BEGIN The data

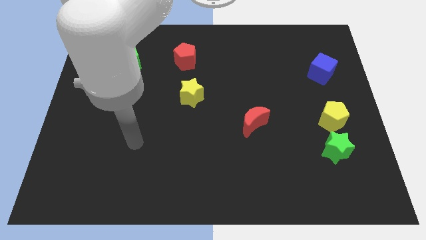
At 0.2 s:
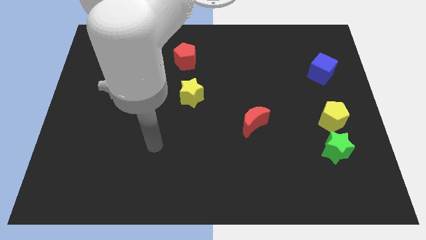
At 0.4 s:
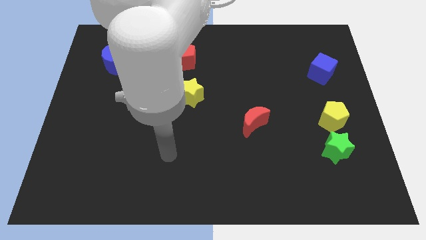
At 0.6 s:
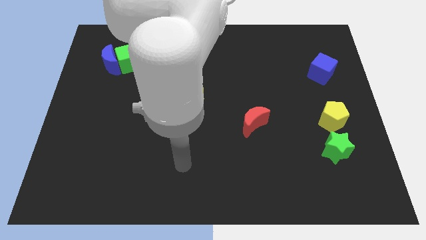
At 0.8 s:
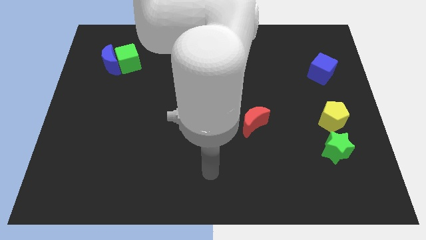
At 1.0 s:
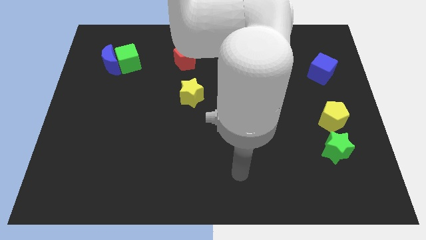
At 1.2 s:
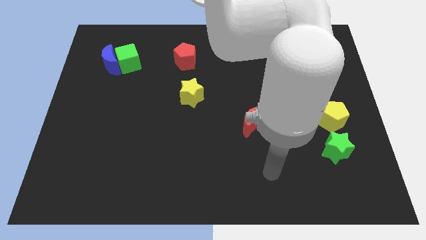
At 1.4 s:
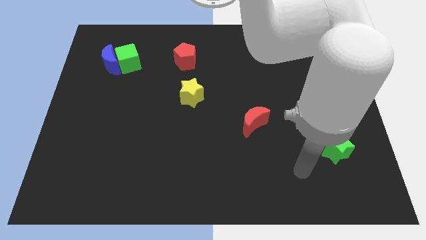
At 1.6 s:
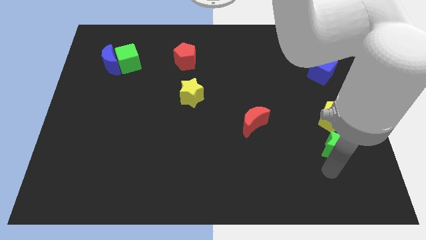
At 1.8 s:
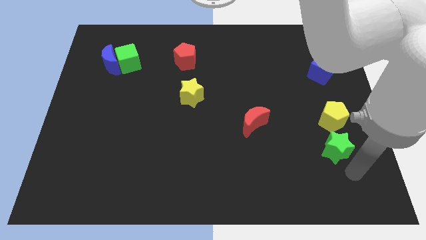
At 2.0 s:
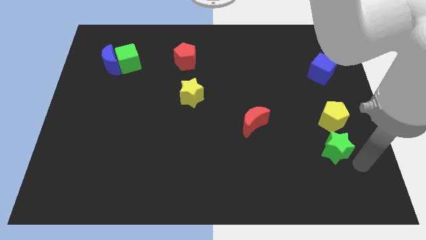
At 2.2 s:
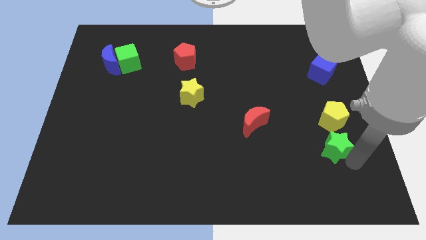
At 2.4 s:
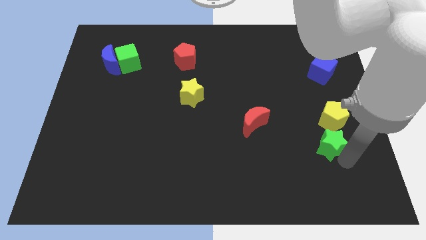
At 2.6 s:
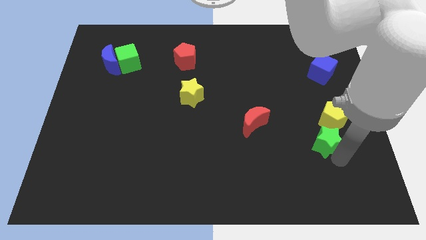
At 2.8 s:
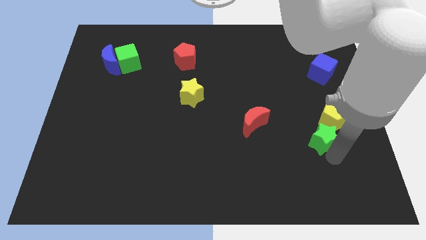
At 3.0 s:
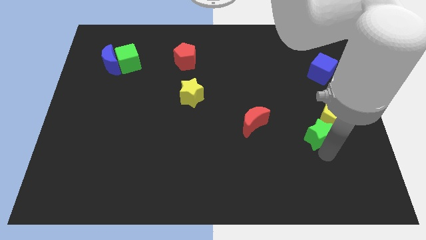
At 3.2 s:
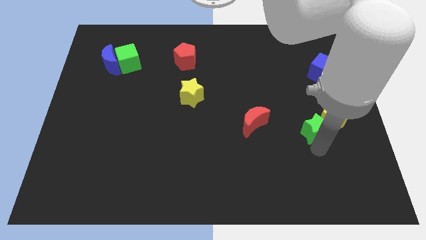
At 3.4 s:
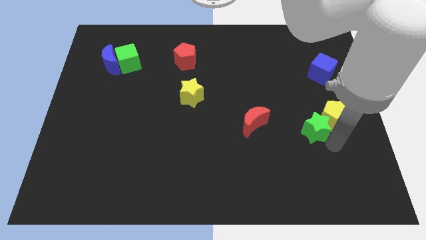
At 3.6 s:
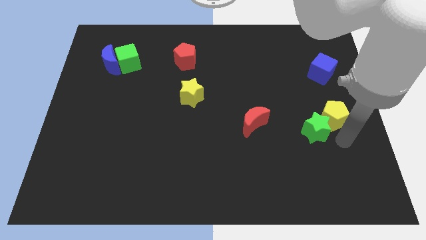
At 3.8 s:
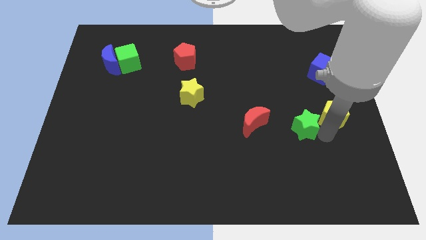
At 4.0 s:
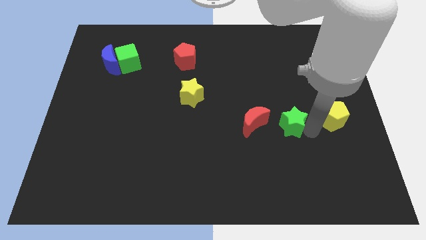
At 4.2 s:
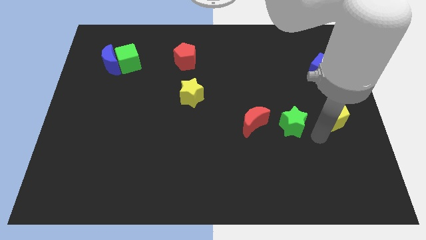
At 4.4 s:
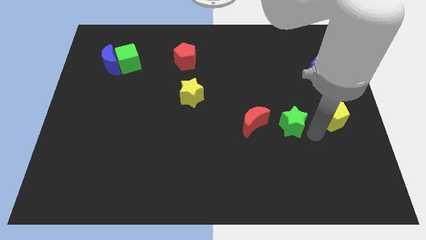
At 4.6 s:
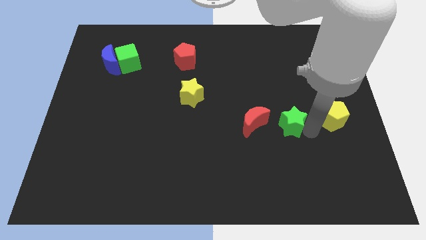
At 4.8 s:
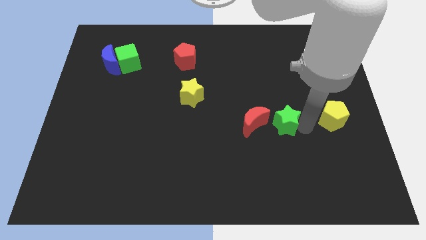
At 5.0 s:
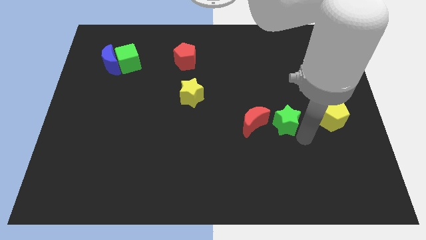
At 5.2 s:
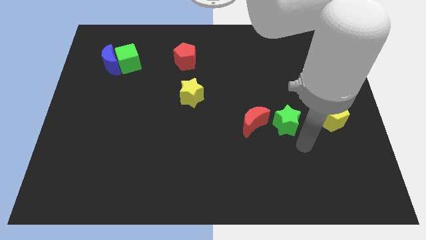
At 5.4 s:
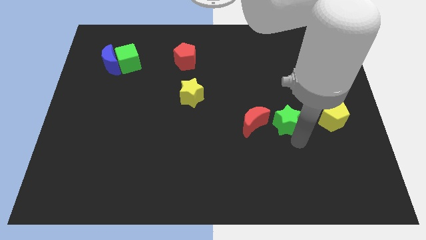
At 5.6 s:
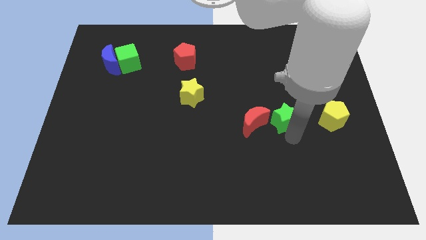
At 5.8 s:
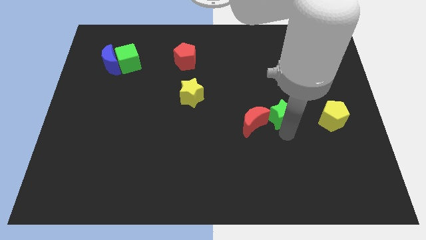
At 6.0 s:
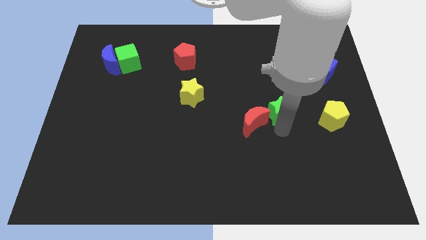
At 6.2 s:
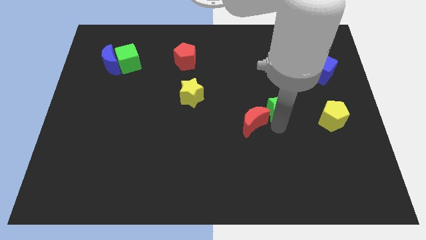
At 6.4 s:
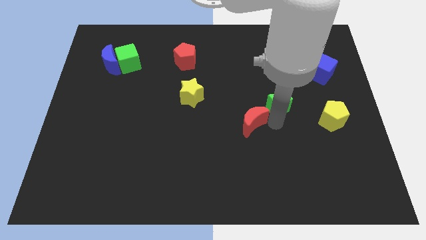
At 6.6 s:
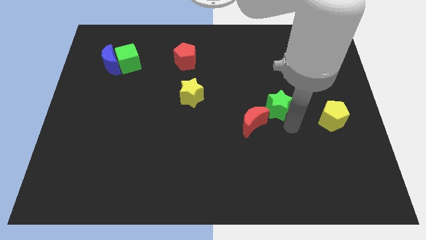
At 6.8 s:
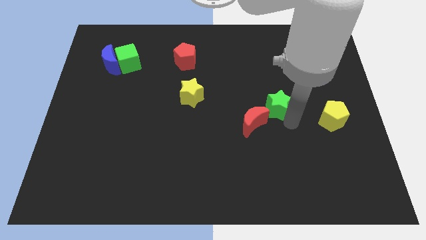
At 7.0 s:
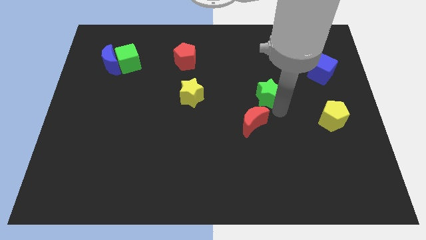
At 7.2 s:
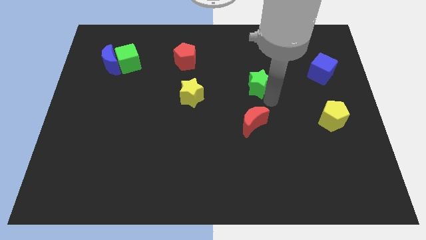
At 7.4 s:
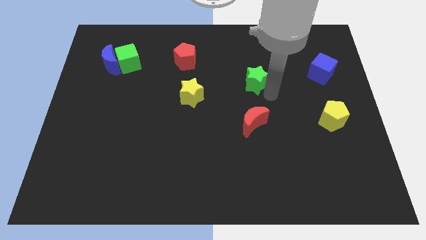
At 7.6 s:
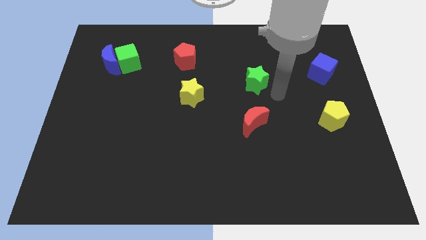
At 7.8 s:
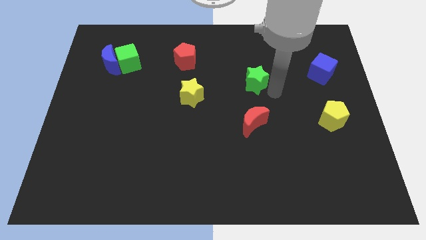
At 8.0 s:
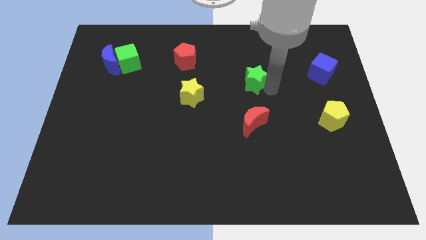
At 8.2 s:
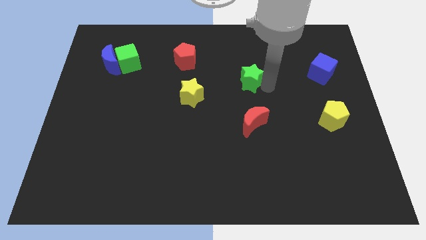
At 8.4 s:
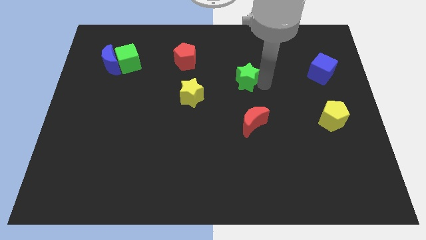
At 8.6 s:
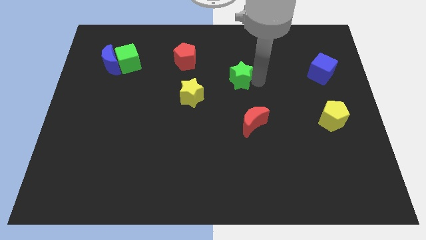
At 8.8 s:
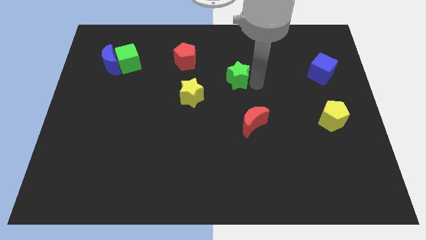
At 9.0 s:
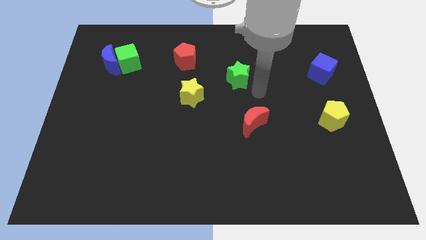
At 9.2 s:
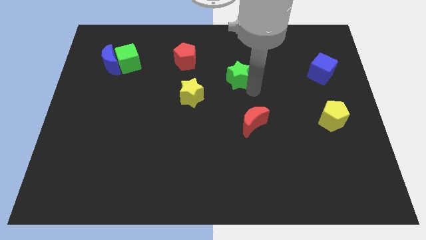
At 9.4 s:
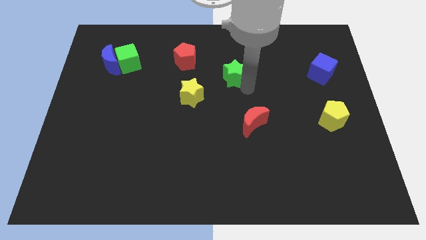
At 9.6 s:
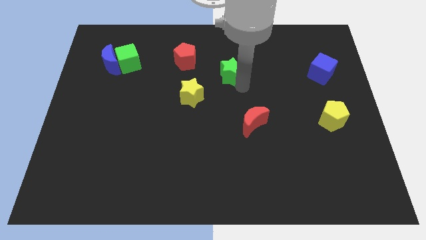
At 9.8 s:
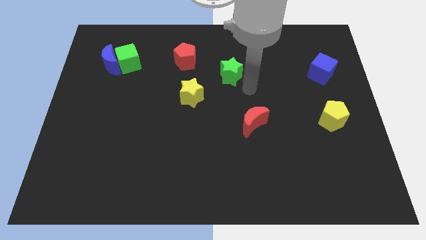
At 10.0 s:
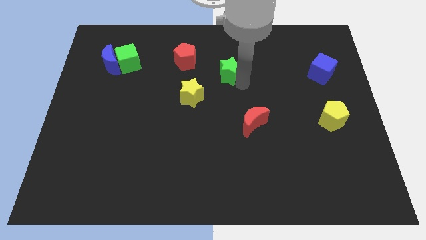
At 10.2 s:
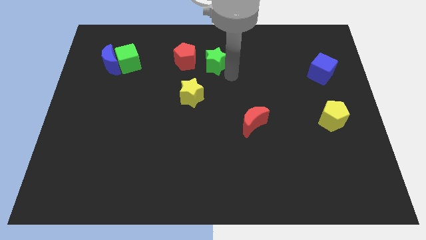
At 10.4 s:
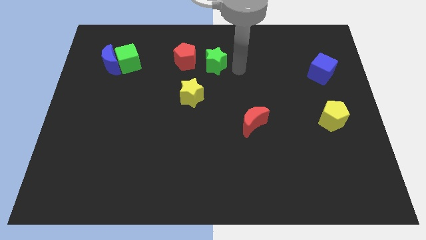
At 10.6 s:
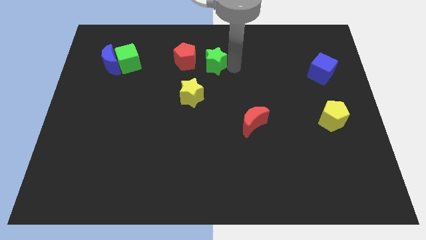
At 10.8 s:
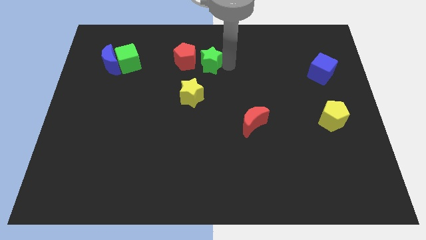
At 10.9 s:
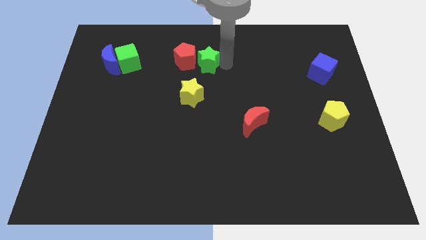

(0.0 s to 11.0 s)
move the green star towards the red pentagon

END The data

Copy everything in the records above except the pictures, exactly as written.

* [The answer]:
At 0.2 s:
At 0.4 s:
At 0.6 s:
At 0.8 s:
At 1.0 s:
At 1.2 s:
At 1.4 s:
At 1.6 s:
At 1.8 s:
At 2.0 s:
At 2.2 s:
At 2.4 s:
At 2.6 s:
At 2.8 s:
At 3.0 s:
At 3.2 s:
At 3.4 s:
At 3.6 s:
At 3.8 s:
At 4.0 s:
At 4.2 s:
At 4.4 s:
At 4.6 s:
At 4.8 s:
At 5.0 s:
At 5.2 s:
At 5.4 s:
At 5.6 s:
At 5.8 s:
At 6.0 s:
At 6.2 s:
At 6.4 s:
At 6.6 s:
At 6.8 s:
At 7.0 s:
At 7.2 s:
At 7.4 s:
At 7.6 s:
At 7.8 s:
At 8.0 s:
At 8.2 s:
At 8.4 s:
At 8.6 s:
At 8.8 s:
At 9.0 s:
At 9.2 s:
At 9.4 s:
At 9.6 s:
At 9.8 s:
At 10.0 s:
At 10.2 s:
At 10.4 s:
At 10.6 s:
At 10.8 s:
At 10.9 s:

(0.0 s to 11.0 s)
move the green star towards the red pentagon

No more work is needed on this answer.